OK, so everyone who’s paying any attention knows that the House has forced a shutdown of the government, and that nothing is going to happen until Boener mans up and lets them pass a clean CR. But that clean CR would still need to be passed by the Senate, too, and last I checked, the Republicans still have more than 40 seats. If we do get a clean CR out of the House, is there any indication what the Senate plans to do? Can they filibuster it indefinitely? Will they? If they try to, is there any procedural way to get it through anyway?
Why would they?

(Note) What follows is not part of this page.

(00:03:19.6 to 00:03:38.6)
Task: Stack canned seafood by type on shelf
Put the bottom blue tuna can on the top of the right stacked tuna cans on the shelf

Senate Republicans are much more prone to appeasing Democrats than the House Republicans.
Per the Post:
Senate Dems to call GOP’s bluff on debt limit
Among others, there’s the open question of whether a republican would successfully filibuster and whether that would trigger a rules change. The article has a tiny bit of analysis regarding the filibuster, but there’s not much to go on.

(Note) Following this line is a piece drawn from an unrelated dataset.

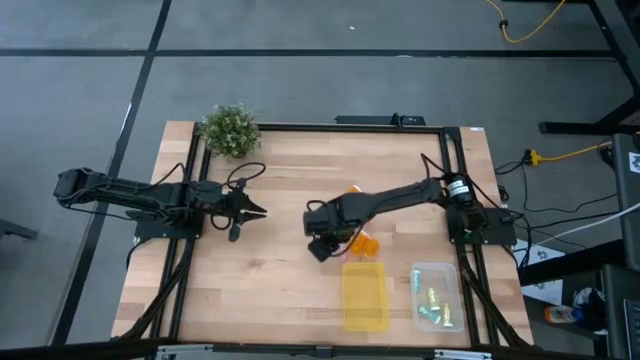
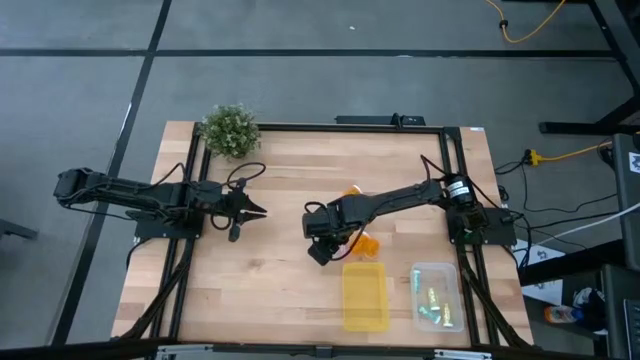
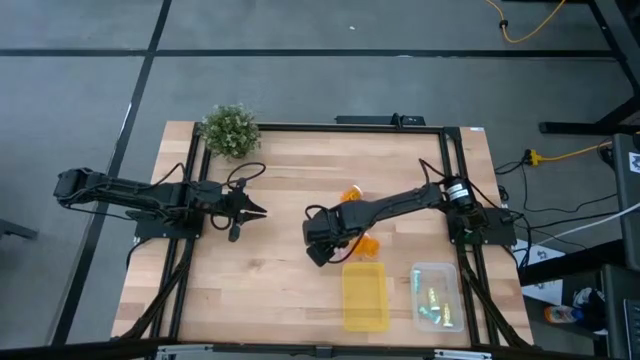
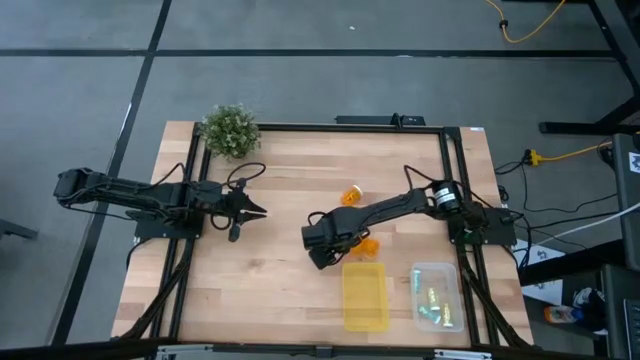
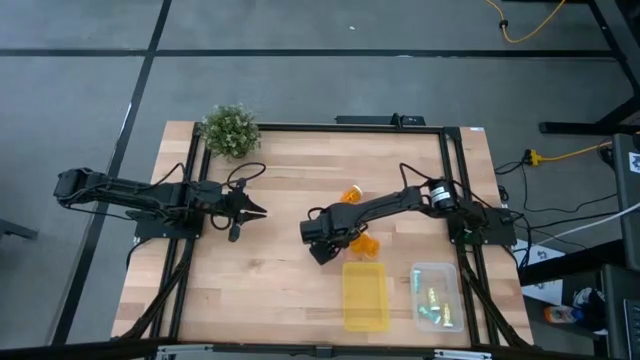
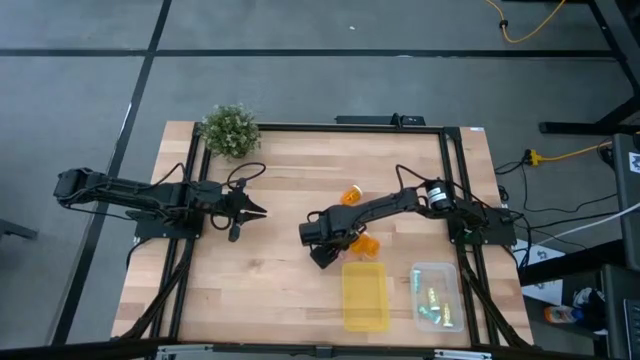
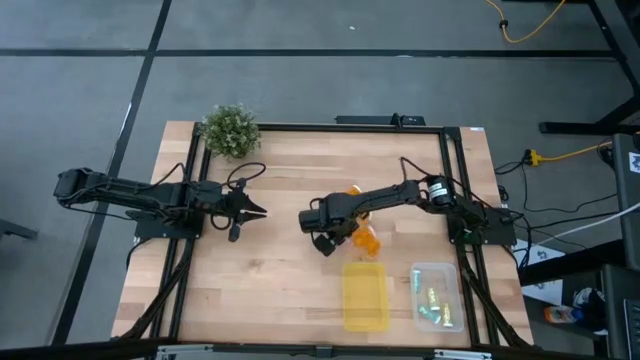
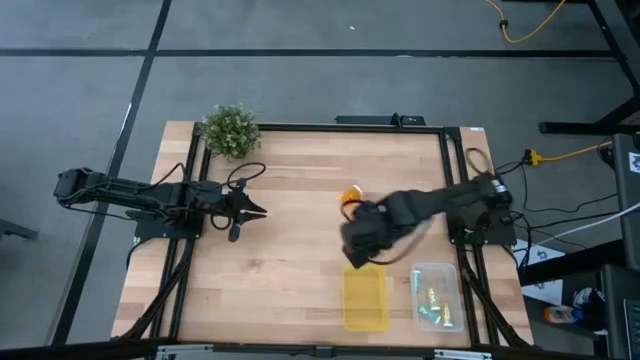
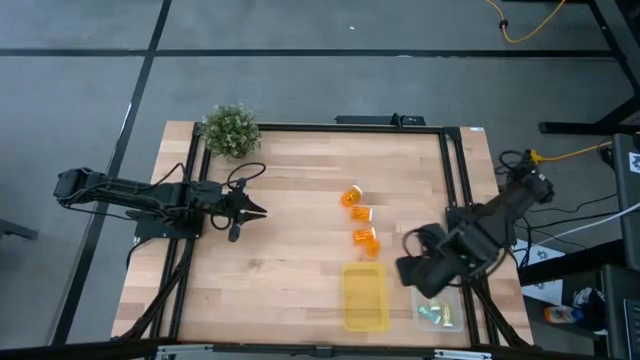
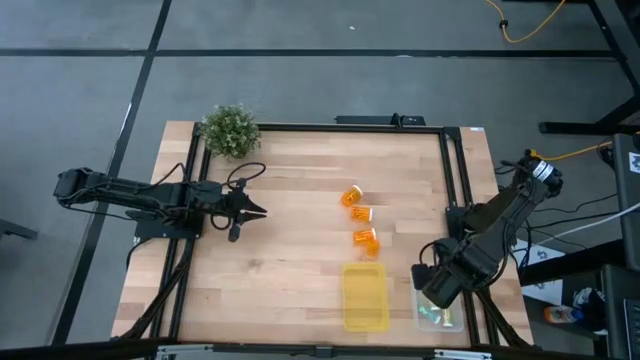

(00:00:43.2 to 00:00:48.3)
Task: Pick and place medicine bottles into bin by pill shape (circle, oval)
Put the pink tablet bottle into the transparent bin

There’s the ignorant (willful or diehard; ends in the same place) that have somehow convinced themselves/been told that the shutdown is a Democrat thing. I wonder how contorted the logic will get if the Republicans fillibuster or otherwise balk at a a Senate clean CR.

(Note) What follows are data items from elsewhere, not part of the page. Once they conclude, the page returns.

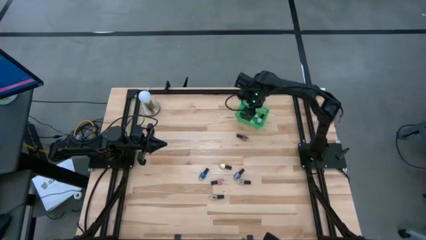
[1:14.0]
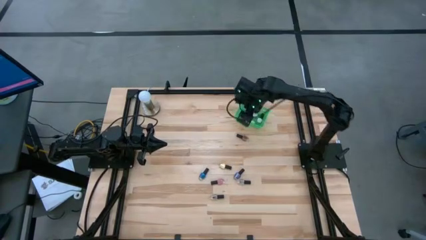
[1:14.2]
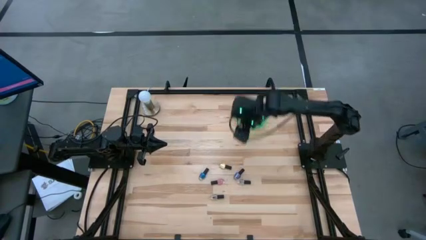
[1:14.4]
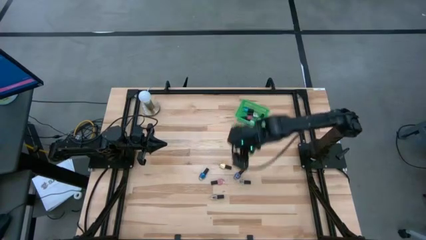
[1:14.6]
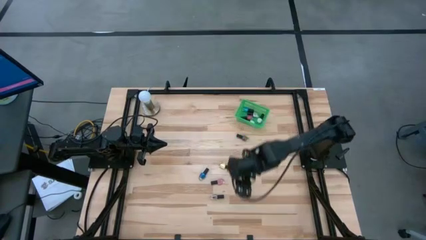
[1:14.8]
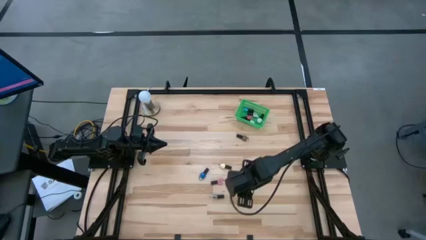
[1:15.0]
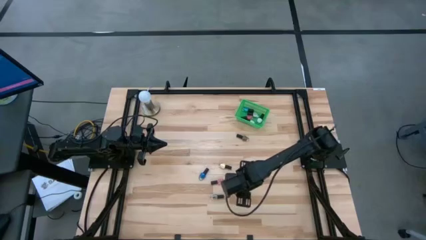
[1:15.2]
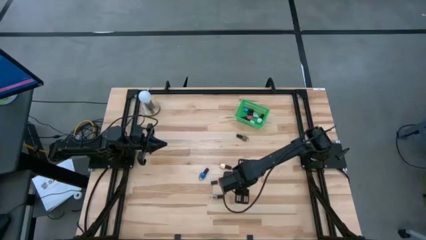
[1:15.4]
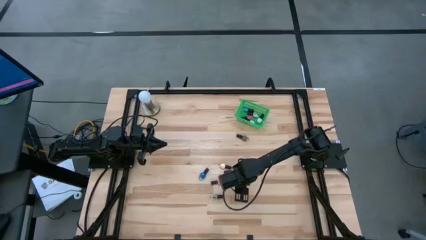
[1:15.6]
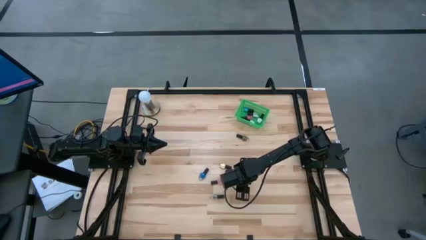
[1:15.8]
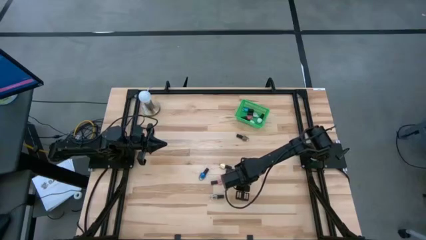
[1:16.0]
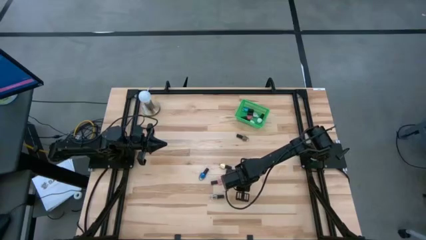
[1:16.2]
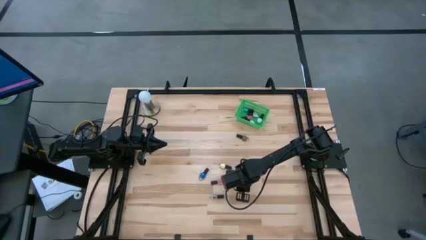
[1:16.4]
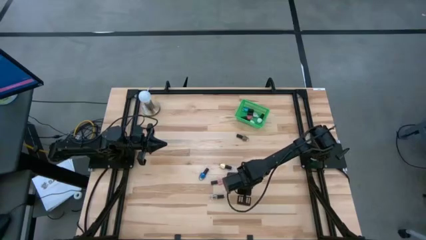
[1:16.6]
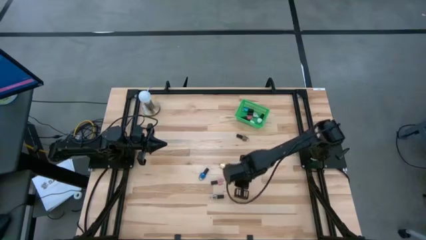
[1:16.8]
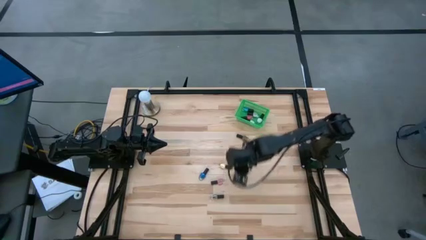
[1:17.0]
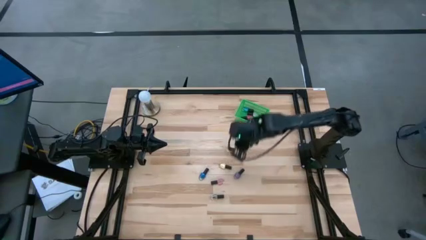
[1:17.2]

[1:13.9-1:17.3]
Task: Pick & Place Nail Polish
Put the right transparent nail polish into the green bin

The OP is discussing the CR, your article is about the debt limit hike. They’re two different issues.
As top the OP, the Senate already passed a clean CR. There was an attempt by Cruz to filibuster it*, but he didn’t have the votes, and so he settled for just talking for a long time before the bill came up for a vote.
I think that was the only chance to filibuster the bill. If it passes the House as is, it can go straight to Obama, if the House passes it with modifications, it can go through the Senate via reconciliation and won’t be subject to a filibuster.
*(he actually tried to filibuster the House bill, which had the language he wanted in it, since once it passed the language would be amended out and it could be passed as a clean CR without any further chance for the minority to block it).
OK, so the bill that passed the Senate originated as a “dirty” House CR, which the Senate then cleaned and passed, thus satisfying the requirement that it originate in the House? And presumably, a clean CR is simple enough that if the House passes a new one, they’ll match, and can go straight to the President (or, if they disagree on some trivial detail, the Senate will presumably pass the new one, too, given that they already passed one).
Comes of being in the minority and knowing it.
All the House has to do is vote on the Senate-passed CR, and if it passed without further amendments, will be sent directly to the President.
If the House amends it, it would go back to the Senate either to be passed, or it could be subject to even more amendments.
I think they can pass a changed bill through Reconciliation without having it be subject to a filibuster. But even if that’s not true its pretty unlikely that the Senate GOP would filibuster a CR that managed to get through the much more intransigent House.
No, that’s incorrect. That’s not how reconciliation works. Any amendments to the House-passed bill are subject to the normal rules of the Senate.
I think we’re saying the same thing. By “changed bill” I mean if the House makes changes from the clean CR the Senate already passed, the Senate can pass that bill via Reconciliation.
If the House passes a bill and the Senate wants to make changes, then that could be filibustered. This is obviously true since it already happened, Cruz tried to mount a filibuster against the bill the Senate planned to strip the defending of Obamacare out of.
Reconciliation is a budget process that allows changes to taxes and entitlements to be exempted from filibuster. There is no reconciliation process in place that would apply to this bill in any circumstances.
What you may be referring to is conference committees, where the House and Senate appoint conferees to come to agreement on differing provisions of bills. Then each house has to vote on the negotiated changes, but the bill (including changes thereto) can still be filibustered in the Senate.
Also comes from some of the loonier Tea Party candidates for the Senate getting their asses handed to them last election.